It was something my mom and dad had loved all their lives and they passed on to me.
They passed on a love of doing and accomplishing, even with all the hits and misses of life. You just have to keep on plugging.
That's what Mom and Dad did.
Eventually, the meat business got pretty solid. And Leonard-the-Sport was really proud. He bought my mom a 1939 Willys for 50 bucks. It was 10 years old, because this was 1949, but that was no small feat. And let me tell you, that son-of-a-gun ran.
It was this ugly blue color, and you know what? I'd give a lot of money for that car today. It was really cool.
In a way, the Willys was much like my old man. Kind of an ugly blue color, but the son-of-a-gun could really run.
I'd give any amount to see him today. He was just really the coolest.
My dad had one wish that I was glad that I was able to fulfill for him.
The Jewish tradition is, when someone dies, you dip 'em in the ground the same day so the healing begins. I mean, all you other guys are barbarians. You put 'em in a room and you drink with them for a week and once they start smellin bad, you plant 'em.
But us Jews, we gotta plant 'em right away.
I couldn't do that because my dad died at this dude ranch in Paso Robles, California.
It was a challenge.
He died on a Thursday night, late at night. And because he died away from home, they picked up his body at the hospital and they wouldn't release it. Until some medical guy, whatever they had in that territory, gave his OK.
In the Jewish tradition, you can't bury them on Saturday, the Sabbath.
So I couldn't plant Leonard until Sunday.
But it was worth the wait, I think.
If you were a famous Jew, you were buried in Hillside Memorial Park in Los Angeles. It's right near the airport, right off the San Diego Freeway, not five miles from LAX.

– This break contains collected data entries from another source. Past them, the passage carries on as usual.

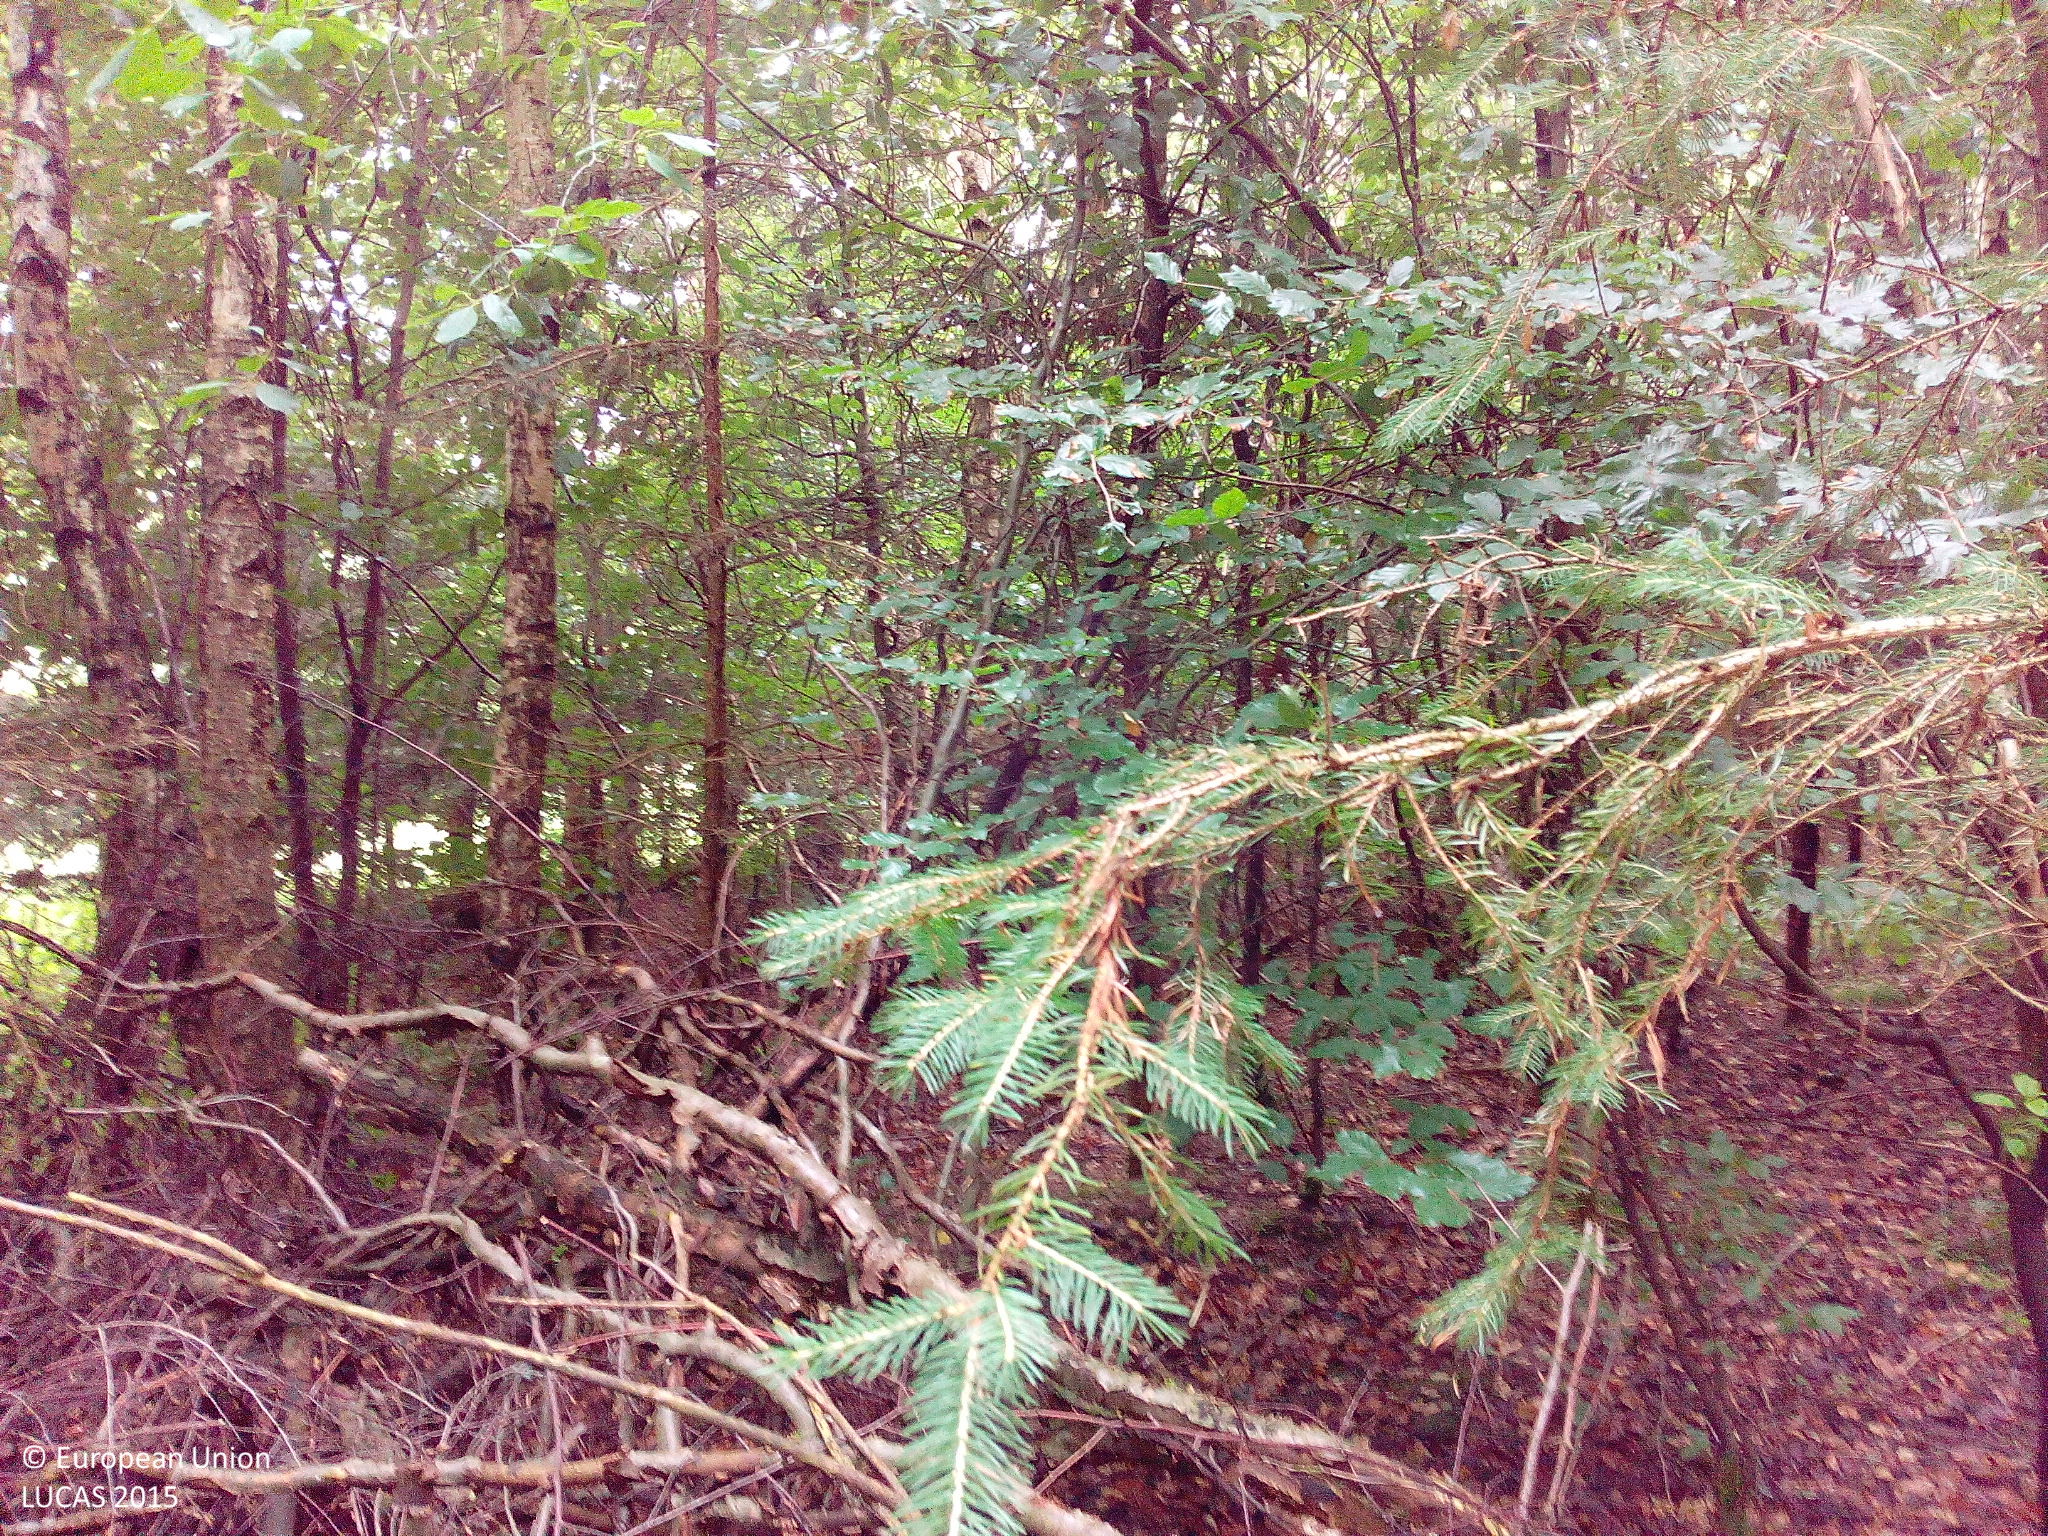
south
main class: Woodland
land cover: Spruce dominated mixed woodland
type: hemiboreal forest and nemoral coniferous forest and mixed broadleaved-coniferous forest
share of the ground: > 75 %
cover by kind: broadleaved forest trees 65 %, coniferous forest trees 25 %, herbaceous plants 10 %
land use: Forestry
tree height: > 5 m
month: July
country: DE
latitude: 50.8674
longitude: 9.9290
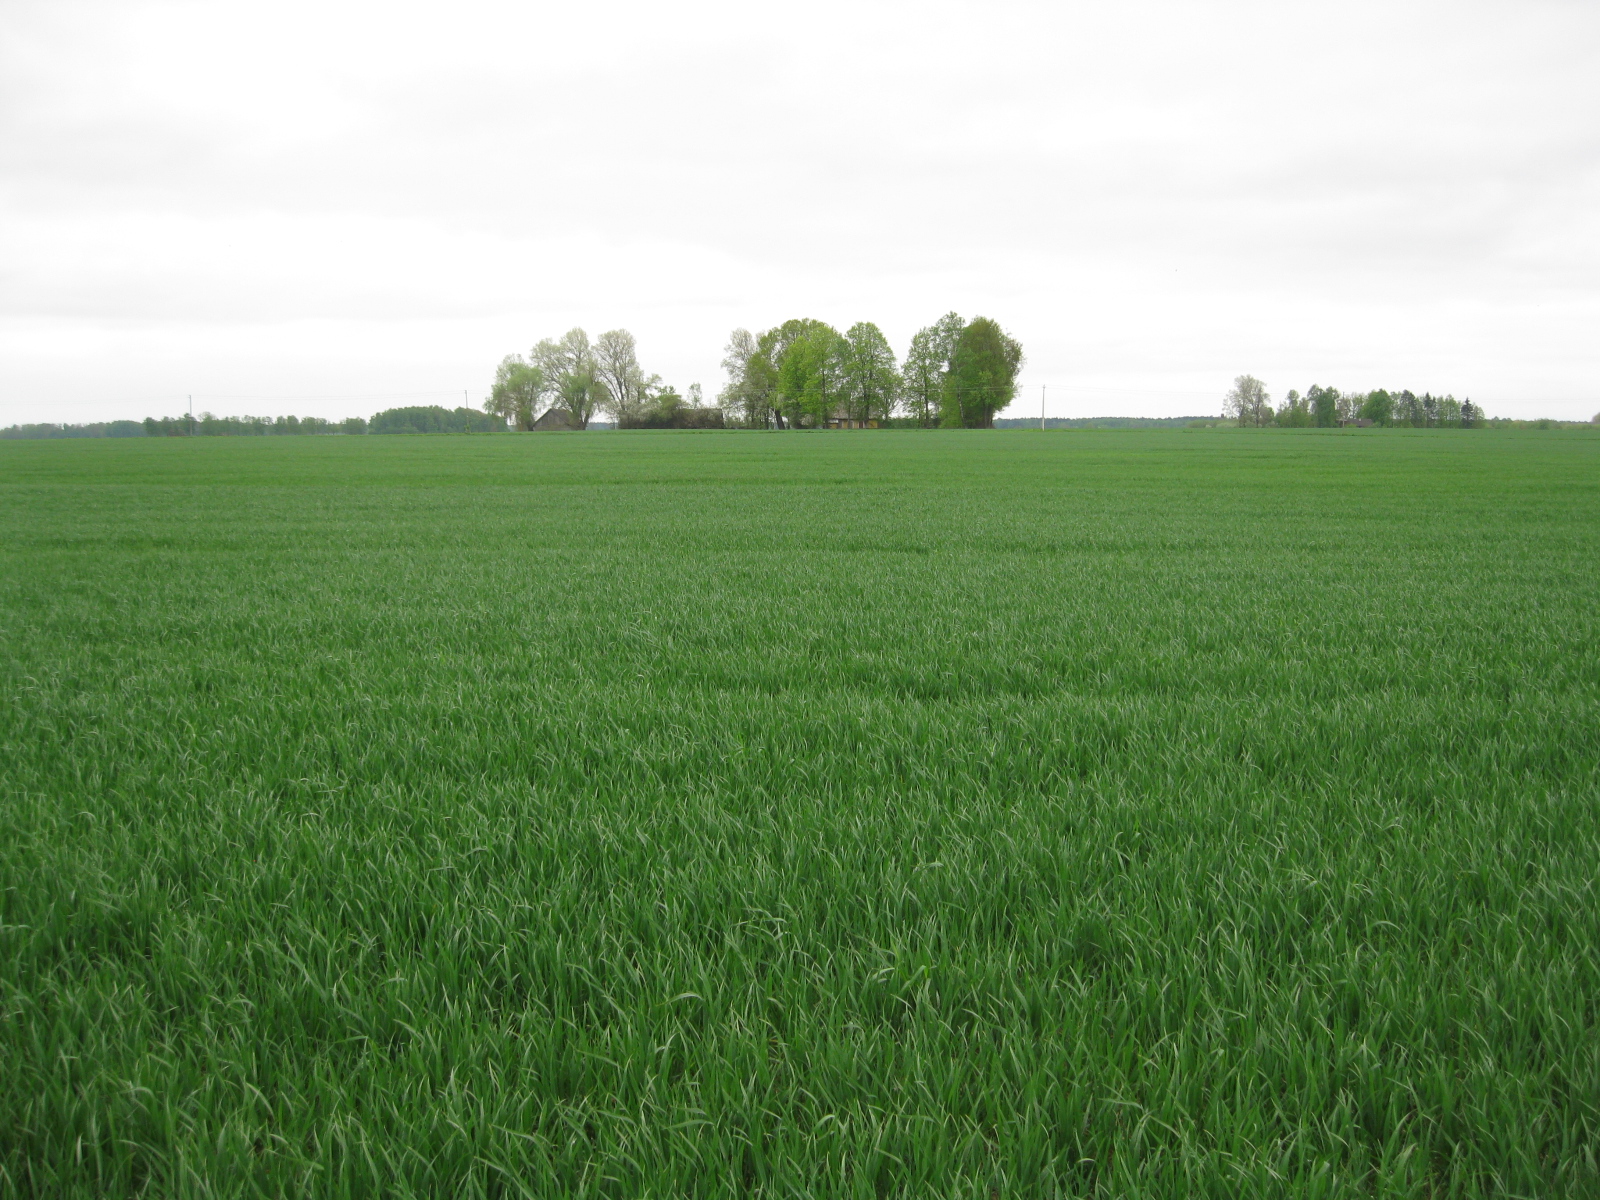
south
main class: Cropland
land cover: Common wheat
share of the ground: > 75 %
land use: Agriculture (excluding fallow land and kitchen gardens)
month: May
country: LT
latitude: 55.9939
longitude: 24.3802
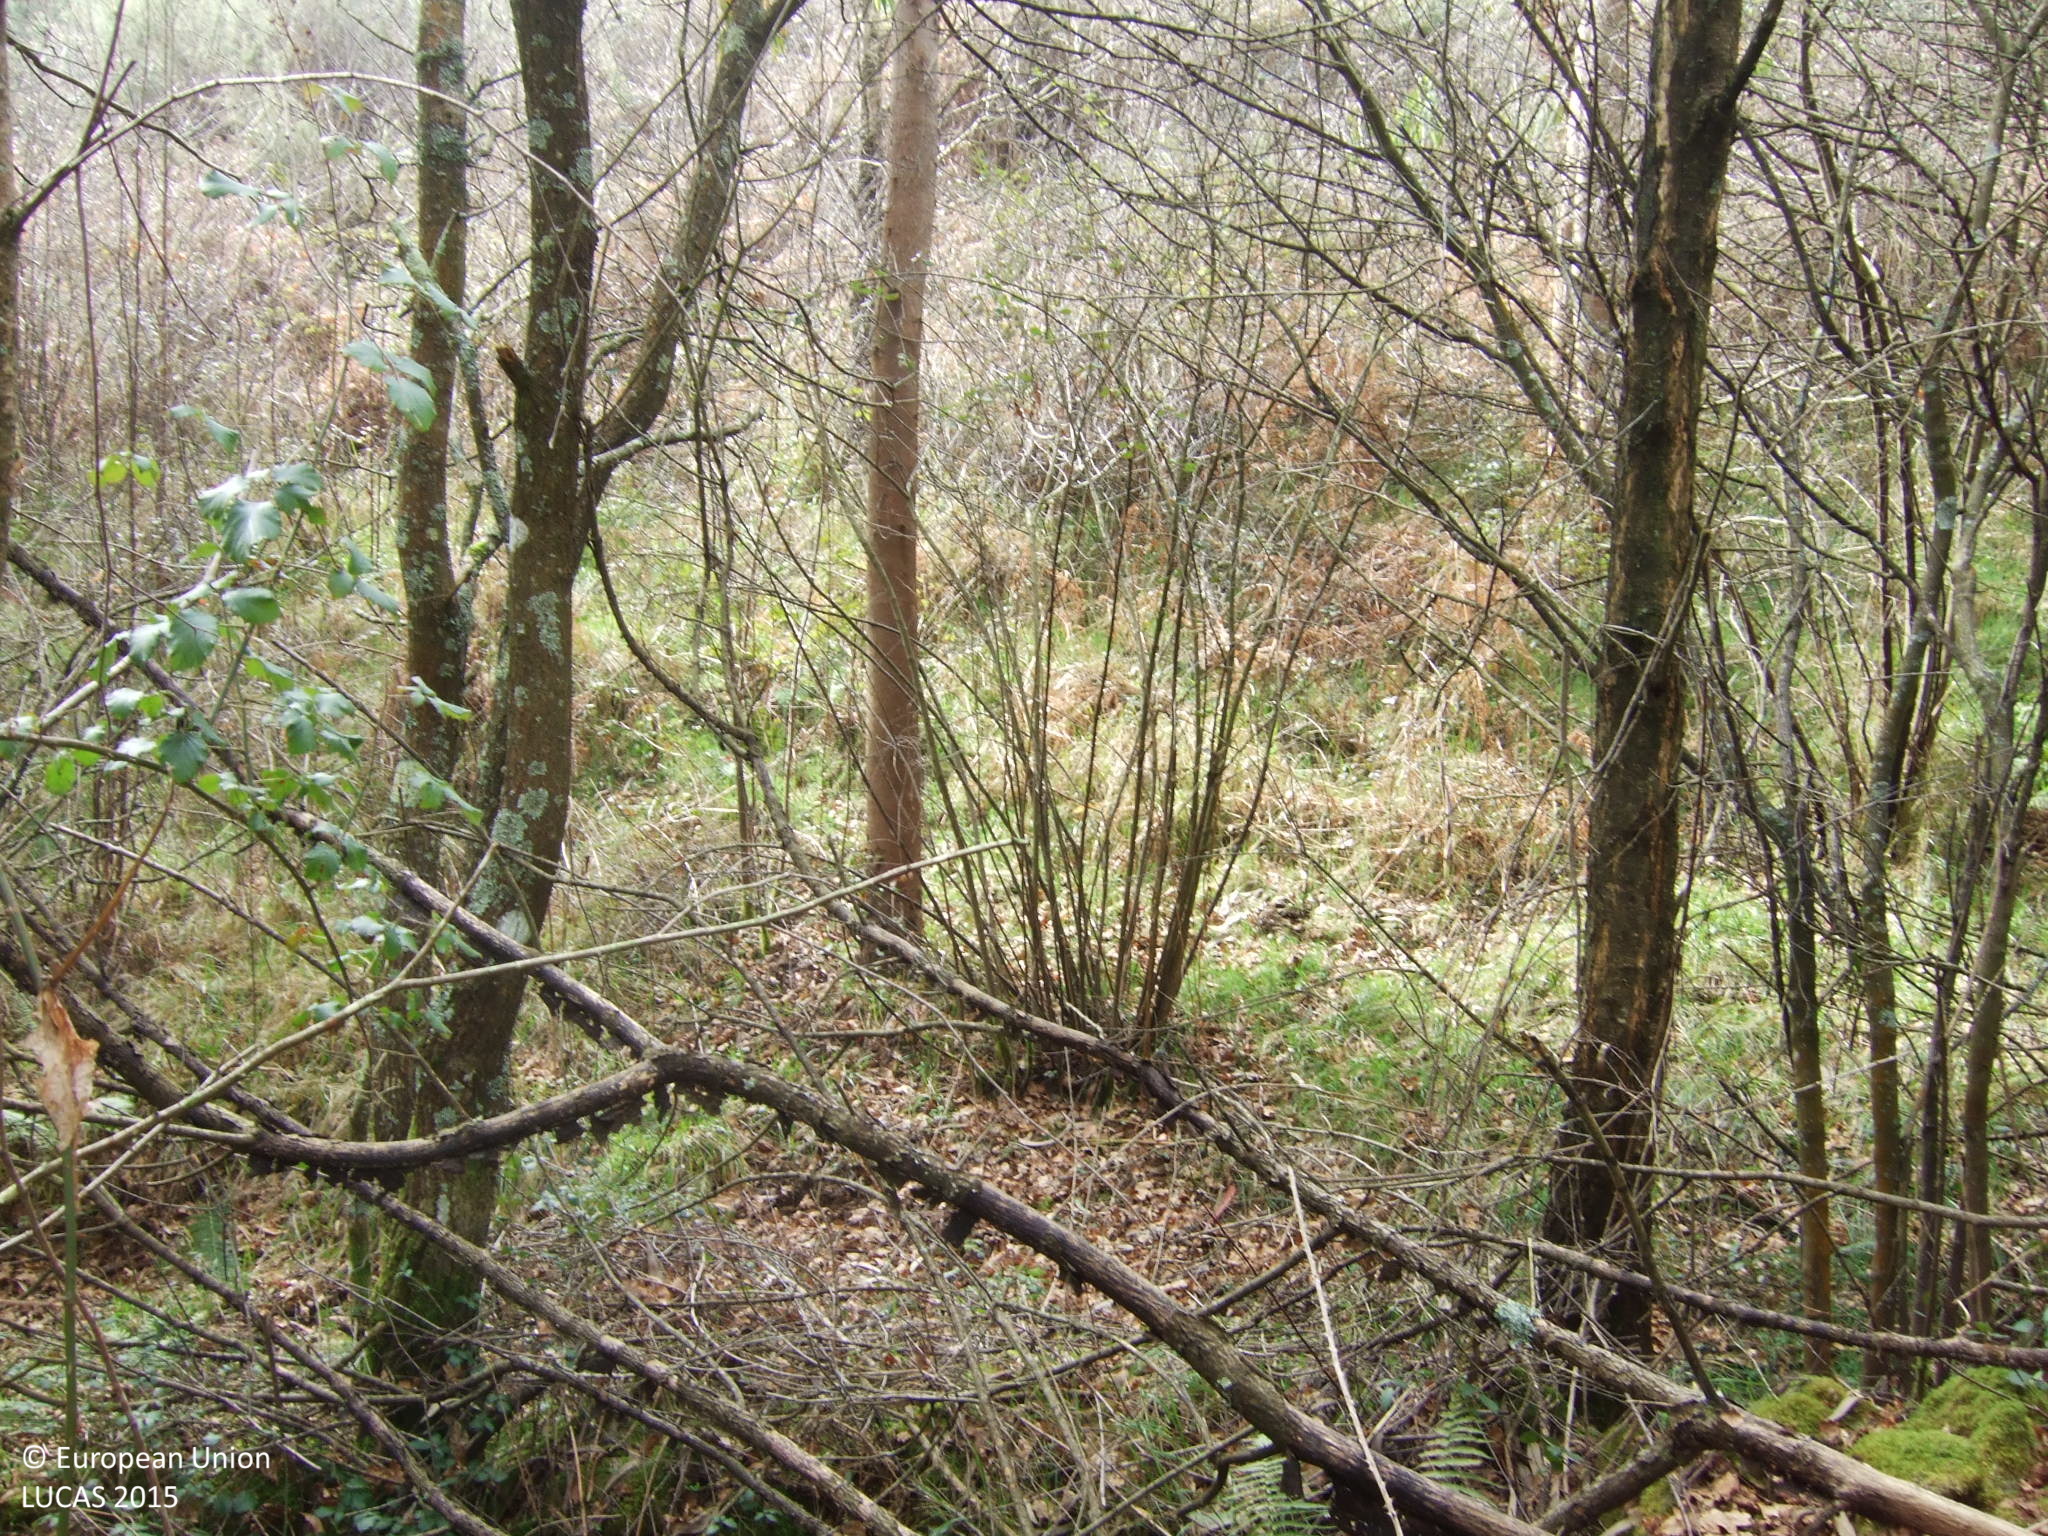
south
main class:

My dad always said, "Son, all I ask is that you just make sure I'm next to Jolie."
It took some doing, but if you were to go visit my dad, you will see that he currently resides on a certain hillside.
Leonard is not 20 feet from Jolson,
And so is Sylvia.
Both of them are there together, Leonard and Sylvia.
Like I said, I was so lucky to be together with them all the time I got to.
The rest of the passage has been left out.